PACS numbers: 05.70.Jk, 11.10.Gh, 64.60.Ak, 64.60.Fr
 
\end{abstract}

\newpage

\section{Introduction}
\label{sec:1}

The three-dimensional (3D) $O(n)$-symmetric model plays a very important 
role in the theory of phase transitions. It describes critical phenomena in 
a variety of physical systems including Ising, XY-like and Heisenberg 
ferromagnets, simple fluids and binary mixtures, superconductors and Bose 
superfluids, etc. This model is also relevant to certain asymptotic regimes 
of the critical behavior of the quark-gluon plasma in quantum chromodynamics 
($n = 4$) \cite{W,RW}. In the critical region, the $n$-vector model is known 
to be thermodynamically equivalent to the 3D Euclidean field theory of 
$\lambda \varphi^4$ type, and may be treated by the field-theoretical 
renormalization group (RG) technique which proved to be very efficient both 
for studying the qualitative features of phase transitions and calculating 
the critical exponents \cite{BNM,LGZ,ZJ,AS,S98}. 

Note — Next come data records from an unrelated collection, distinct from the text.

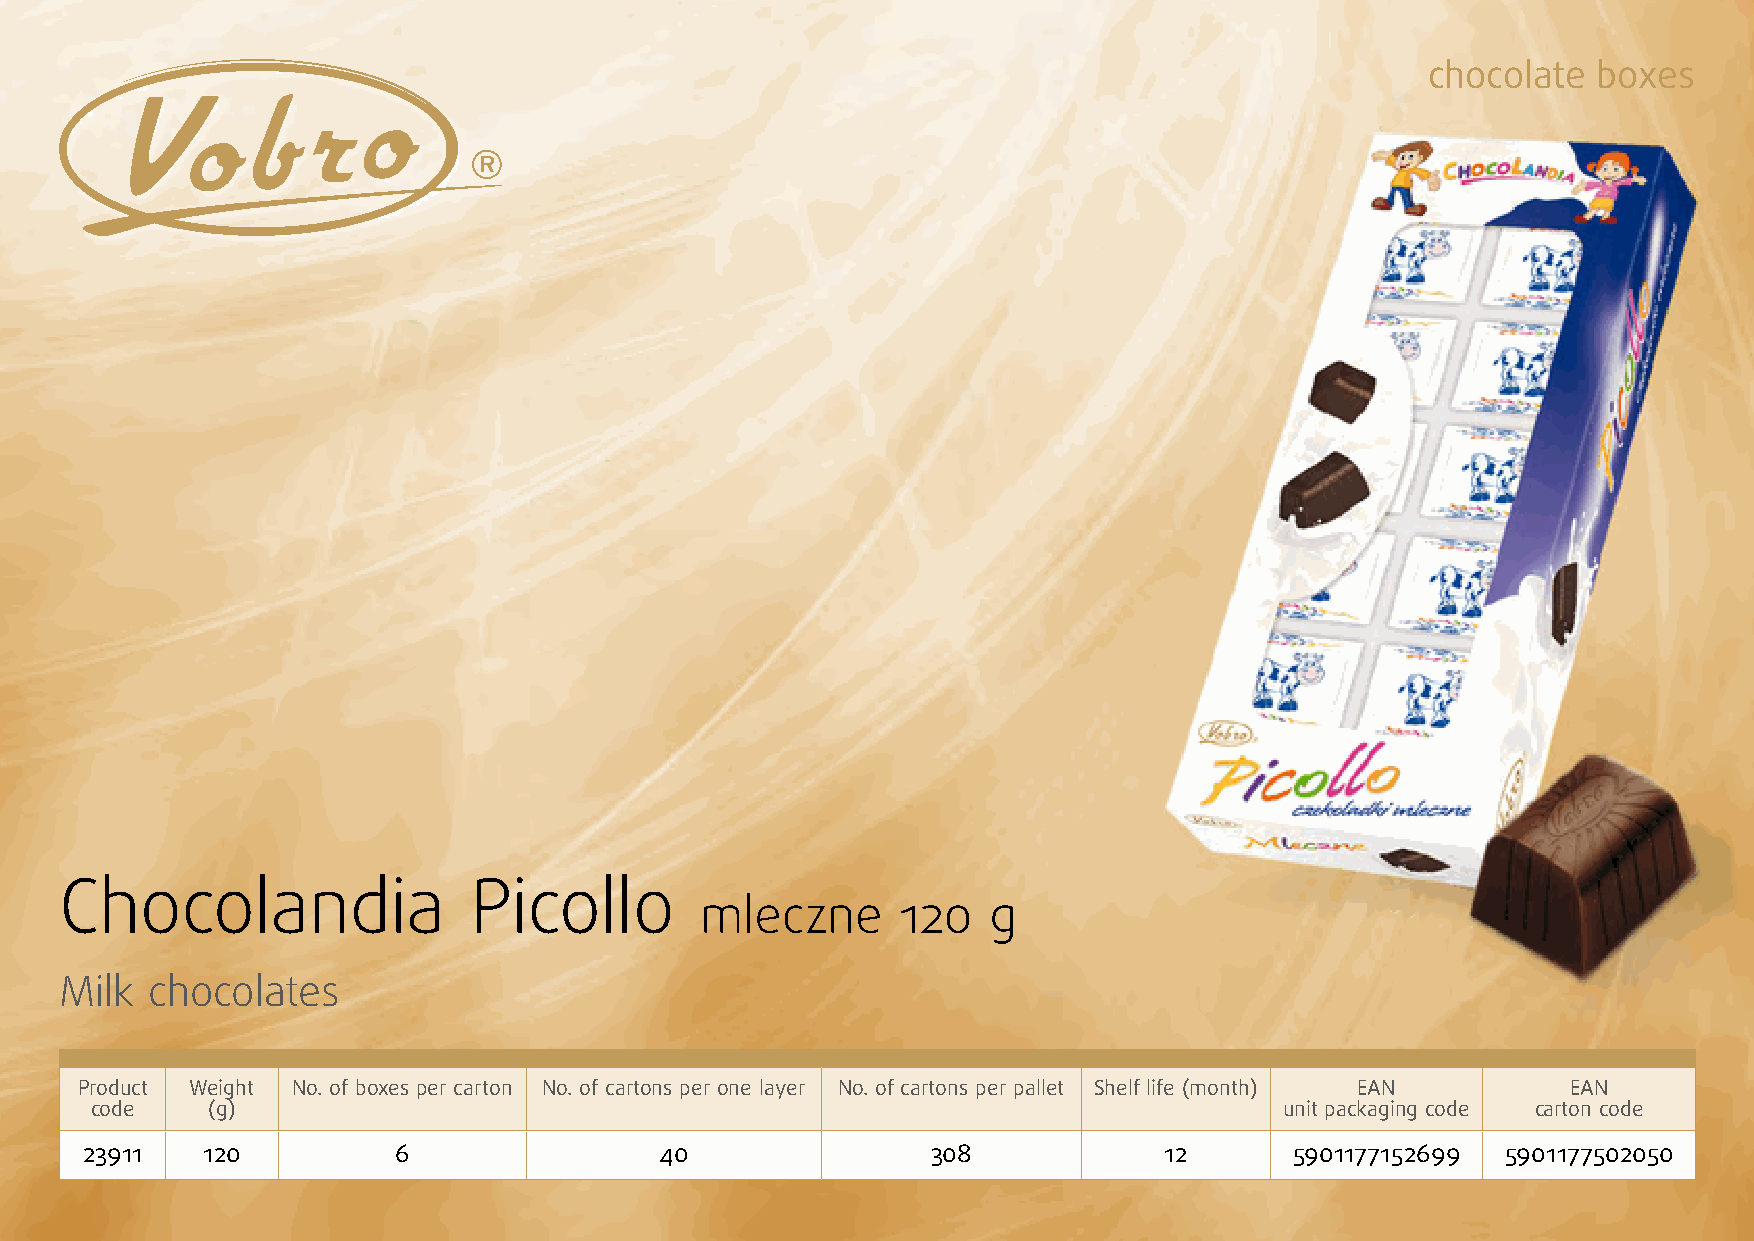
chocolate  boxes
 Chocolandia                Picollo
 mleczne       120   g
 Milk  chocolates
 Product Weight No. of boxes per carton No. of cartons per one layer No. of cartons per pallet Shelf life (month) EAN EAN
 code    (g)                                                                    unit packaging code carton code
 23911   120          6                 40                308            12       5901177152699 5901177502050
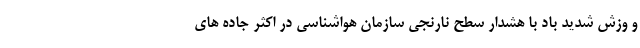
و وزش شدید باد با هشدار سطح نارنجی سازمان هواشناسی در اکثر جاده های
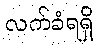
လက်ခံရရှိ

On the other hand, for decades the influence of ordering fields upon 
the critical behavior of various systems attracted permanent attention, 
being of prime interest both for theorists and experimentalists. Recently, 
the free energy (effective action) and, in particular, higher-order 
renormalized coupling constants $g_{2k}$ for the basic models of 
phase transitions became the target of intensive theoretical studies 
\cite{S98,BB,B1,B2,TW,Ts94,B3,R,S96,ZLF,SUO,SOU,GZ,Morr,BC97,Ts97,PV}. 
These constants are related to the non-linear susceptibilities 
$\chi_{2k}$ and enter the scaling equation of state, thus playing a key 
role at criticality. Along with critical exponents and 
critical amplitude ratios, they are universal, i.e. they possess, under 
$T \to T_c$, numerical values that are not sensitive to the physical 
nature of the phase transition, depending only on the system dimensionality 
and the symmetry of the order parameter. 

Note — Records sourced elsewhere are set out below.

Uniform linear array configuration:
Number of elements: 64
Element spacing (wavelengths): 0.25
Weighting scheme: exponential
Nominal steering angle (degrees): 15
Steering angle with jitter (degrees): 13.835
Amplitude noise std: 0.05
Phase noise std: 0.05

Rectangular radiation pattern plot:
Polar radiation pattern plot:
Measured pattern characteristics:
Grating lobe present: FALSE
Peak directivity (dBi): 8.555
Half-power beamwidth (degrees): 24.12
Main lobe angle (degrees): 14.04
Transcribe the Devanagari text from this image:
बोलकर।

Calculation of the universal critical values of $g_6$, $g_8$, etc. 
for the three-dimensional Ising model by a number of analytical and 
numerical methods showed that the field-theoretical RG approach in fixed 
dimensions yields the most accurate numerical estimates for these 
quantities. It is a consequence of a rapid convergence of the 
iteration schemes originating from renormalized perturbation 
theory. Indeed, the resummation of four- and five-loop RG 
expansions by means of the Borel-transformation-based procedures
gave the values for $g_6^*$, which differ from each other by less
than $0.5 \%$ \cite{SOU,GZ}, while the use of a resummed three-loop RG 
expansion enabled one to achieve an apparent accuracy no worse than 
$1.6 \%$ \cite{S98,SUO}. Moreover, the field-theoretical RG approach 
turns out to be powerful enough even in two dimensions: properly resummed 
four--loop RG expansions lead to fair numerical estimates for the critical 
exponents \cite{BNM} and the renormalized coupling constant $g_6^*$ \cite{SO} 
of a 2D Ising model, and give reasonable results for its random counterpart 
\cite{MSS,M}. It is natural, therefore, to use the field theory for 
a calculation of renormalized higher-order coupling constants for 
the 3D $n$-vector model. In this paper, the 3D RG expansion for the 
renormalized coupling constants $g_6$ and $g_8$ will be calculated, and the 
numerical estimates for their universal critical values will be obtained.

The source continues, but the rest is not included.